Data excerpts: Begin

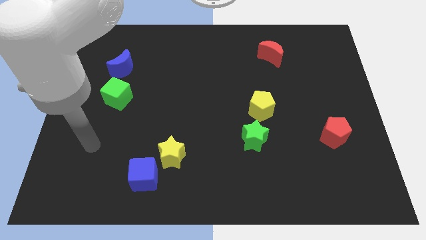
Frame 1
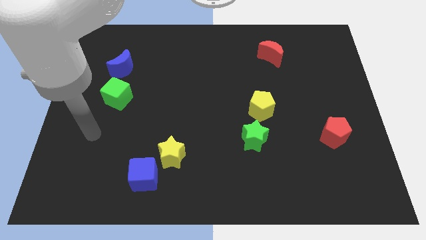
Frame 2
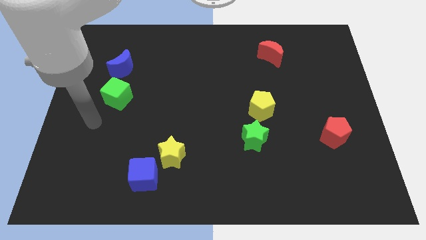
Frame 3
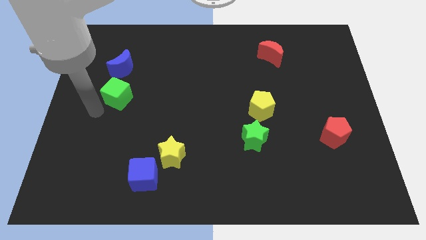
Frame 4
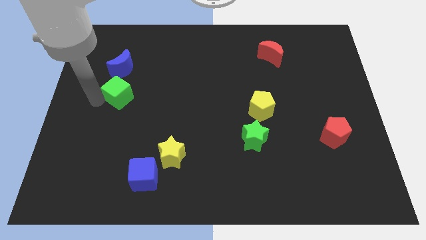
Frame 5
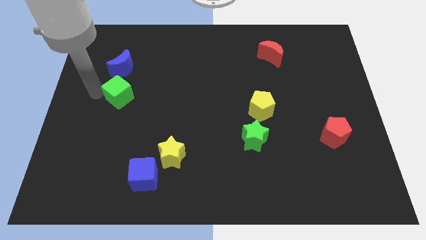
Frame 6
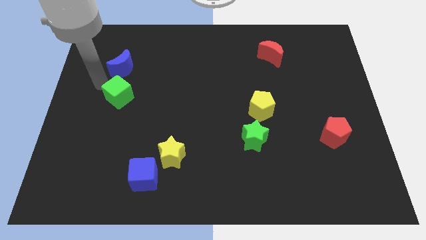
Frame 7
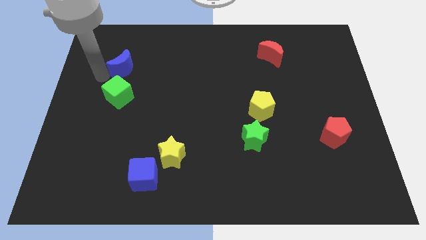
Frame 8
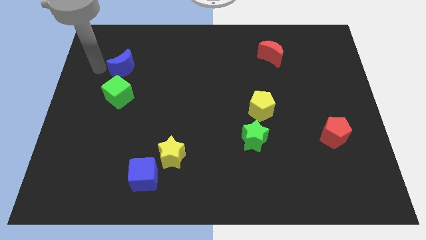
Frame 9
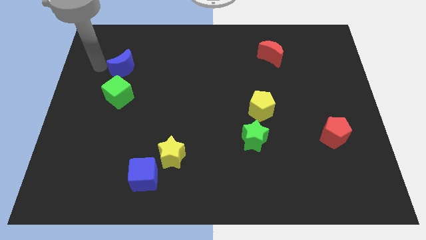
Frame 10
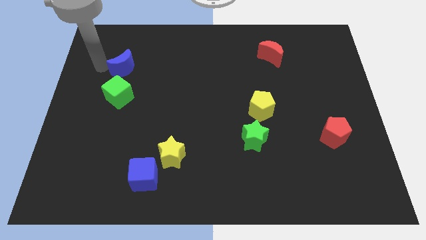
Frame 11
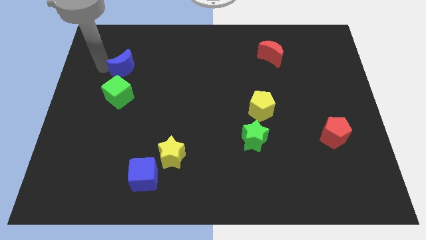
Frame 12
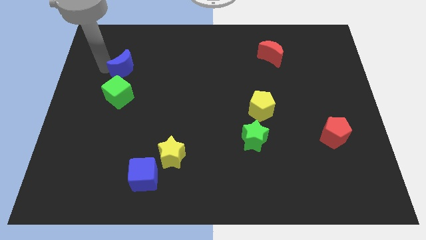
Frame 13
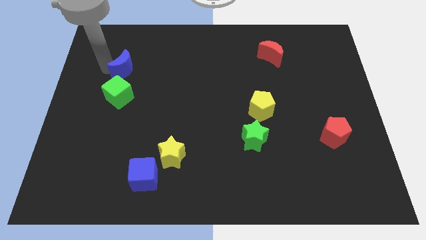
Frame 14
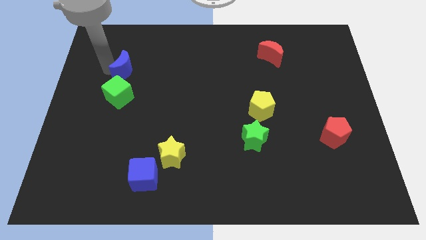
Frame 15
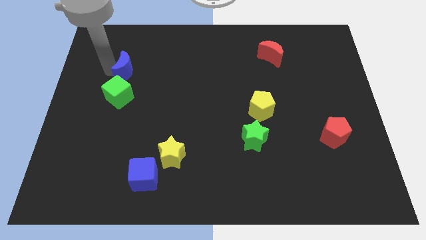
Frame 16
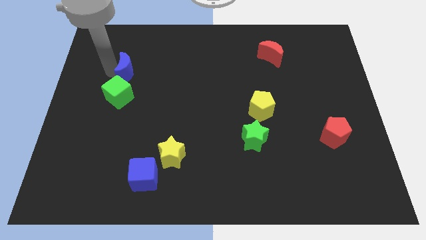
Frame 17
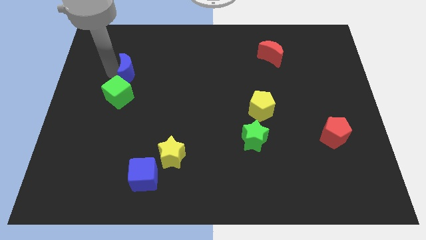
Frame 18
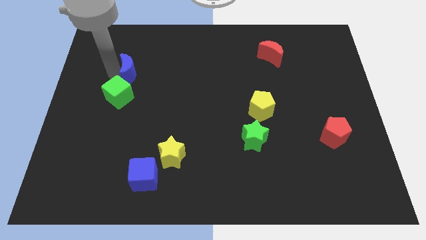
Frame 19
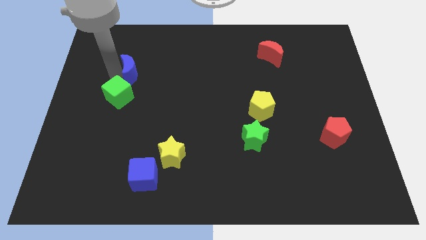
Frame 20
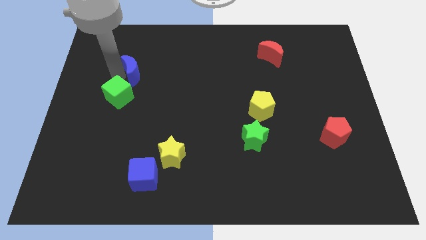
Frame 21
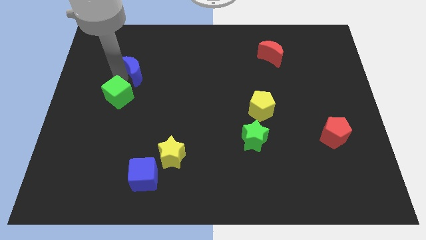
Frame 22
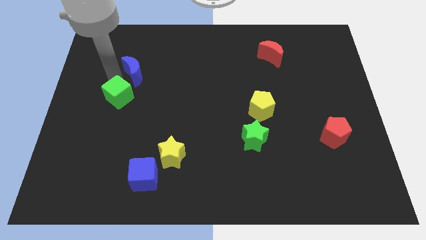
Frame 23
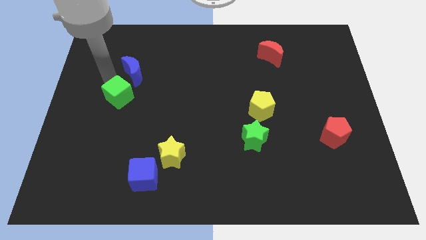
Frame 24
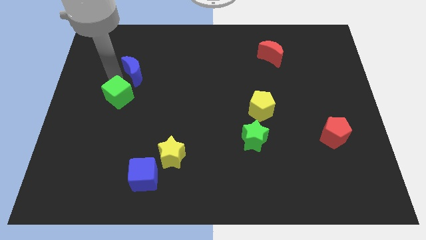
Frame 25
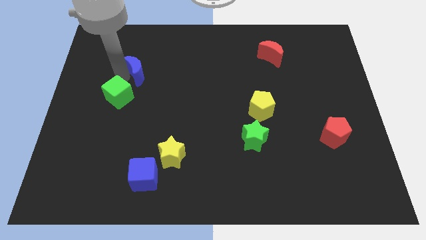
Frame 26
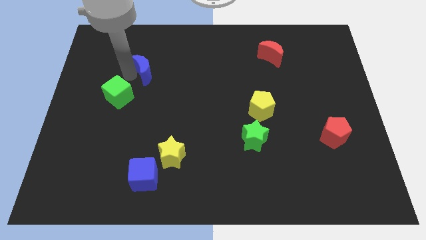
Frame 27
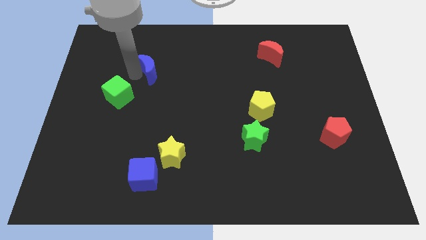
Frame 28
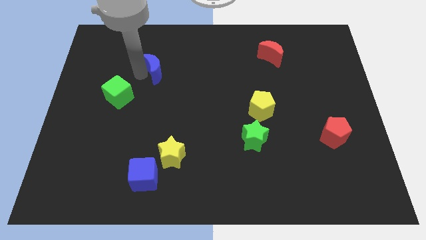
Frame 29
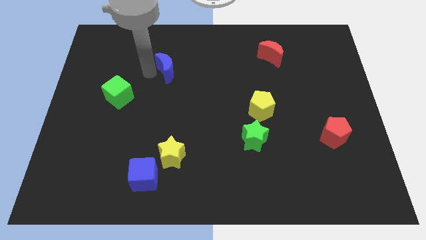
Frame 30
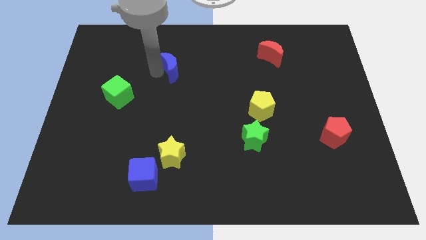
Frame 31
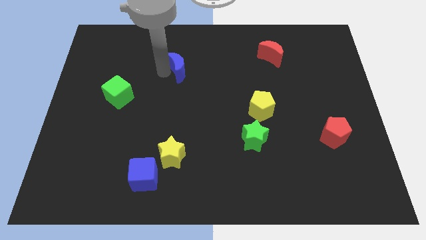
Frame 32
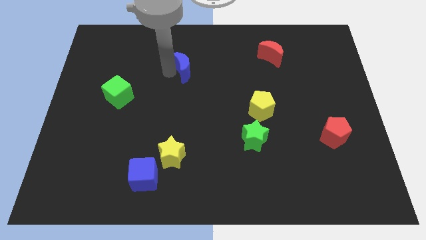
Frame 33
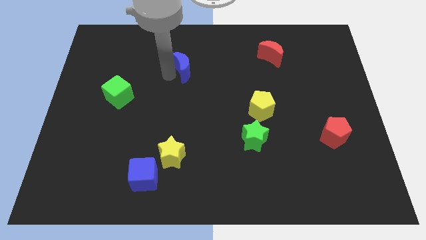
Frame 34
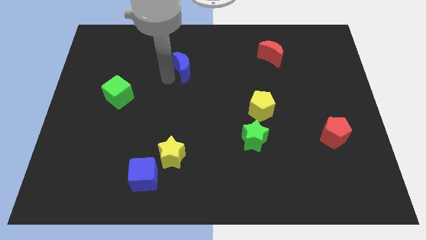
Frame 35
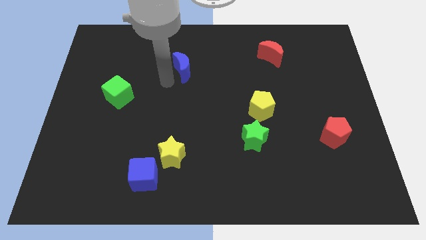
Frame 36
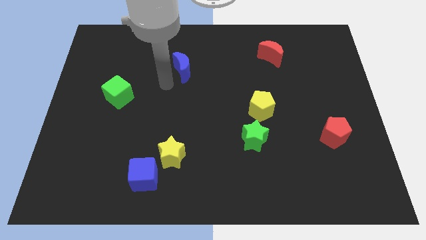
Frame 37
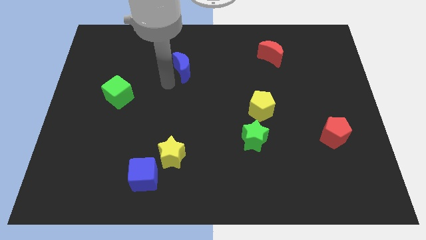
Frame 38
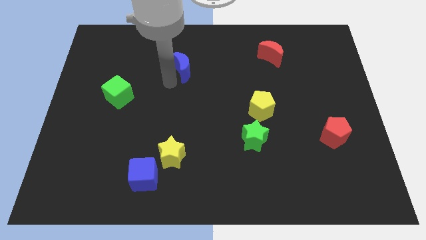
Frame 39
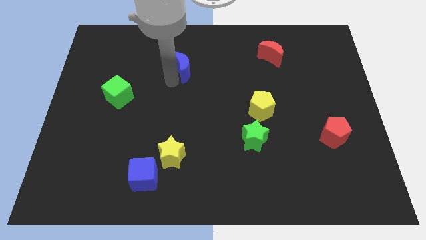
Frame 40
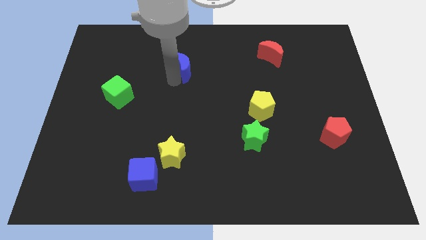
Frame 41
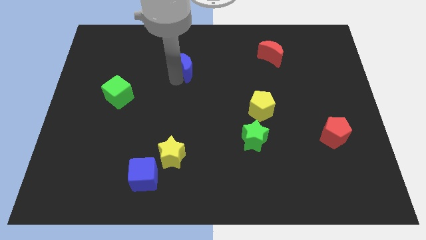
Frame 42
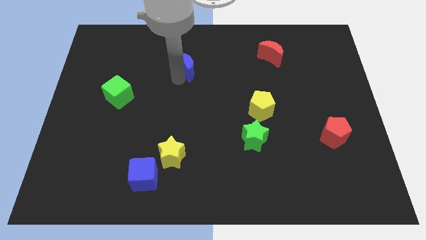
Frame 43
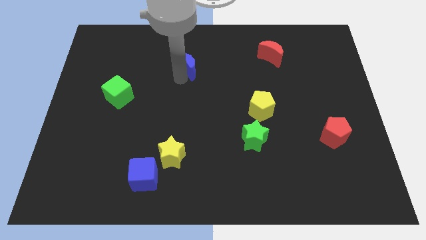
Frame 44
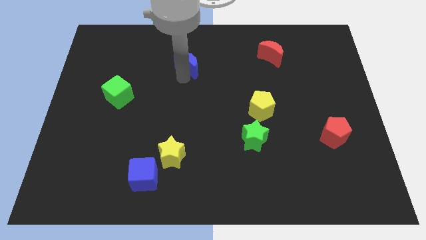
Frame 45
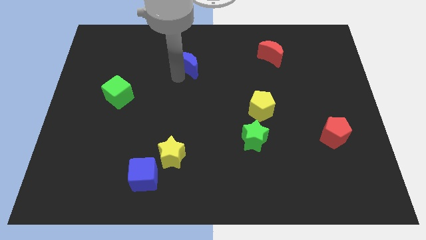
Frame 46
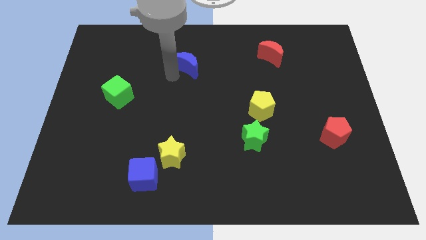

Data excerpts: End

Output each record above exactly as written. Skip any pictures.

Written answer
Frame 1
Frame 2
Frame 3
Frame 4
Frame 5
Frame 6
Frame 7
Frame 8
Frame 9
Frame 10
Frame 11
Frame 12
Frame 13
Frame 14
Frame 15
Frame 16
Frame 17
Frame 18
Frame 19
Frame 20
Frame 21
Frame 22
Frame 23
Frame 24
Frame 25
Frame 26
Frame 27
Frame 28
Frame 29
Frame 30
Frame 31
Frame 32
Frame 33
Frame 34
Frame 35
Frame 36
Frame 37
Frame 38
Frame 39
Frame 40
Frame 41
Frame 42
Frame 43
Frame 44
Frame 45
Frame 46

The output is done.